The required output is the line with "Transcribe the Devanagari" through the final line of the entries, each one exactly as it stands.

++++

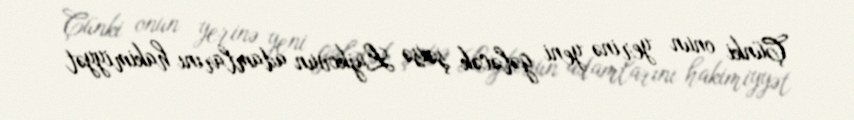
Çünki onun yerinə yeni gələcək şəxsə Lujkovun adamlarını hakimiyyət
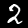
Digit: 2
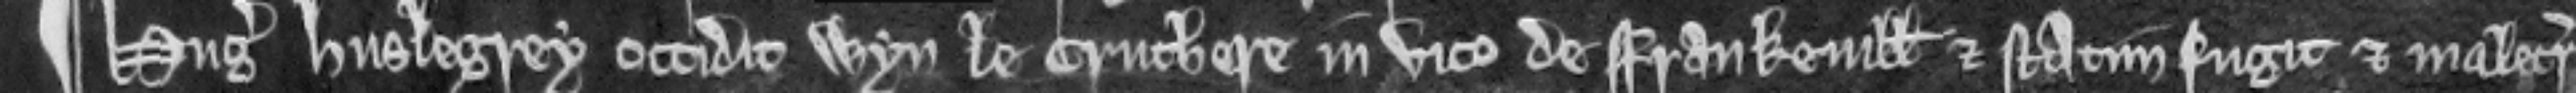
¶ Hugo Huslegrey occidit Wyn le Cruchere in vico de Frankevill et statim fugit et malecreditur.
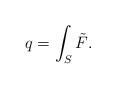
LaTeX: \begin{gather*}q=\int_S \tilde{F} .\end{gather*}
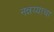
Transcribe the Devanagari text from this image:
नन्नय्याचा

++++

**Answer space**
Transcribe the Devanagari text from this image:
नन्नय्याचा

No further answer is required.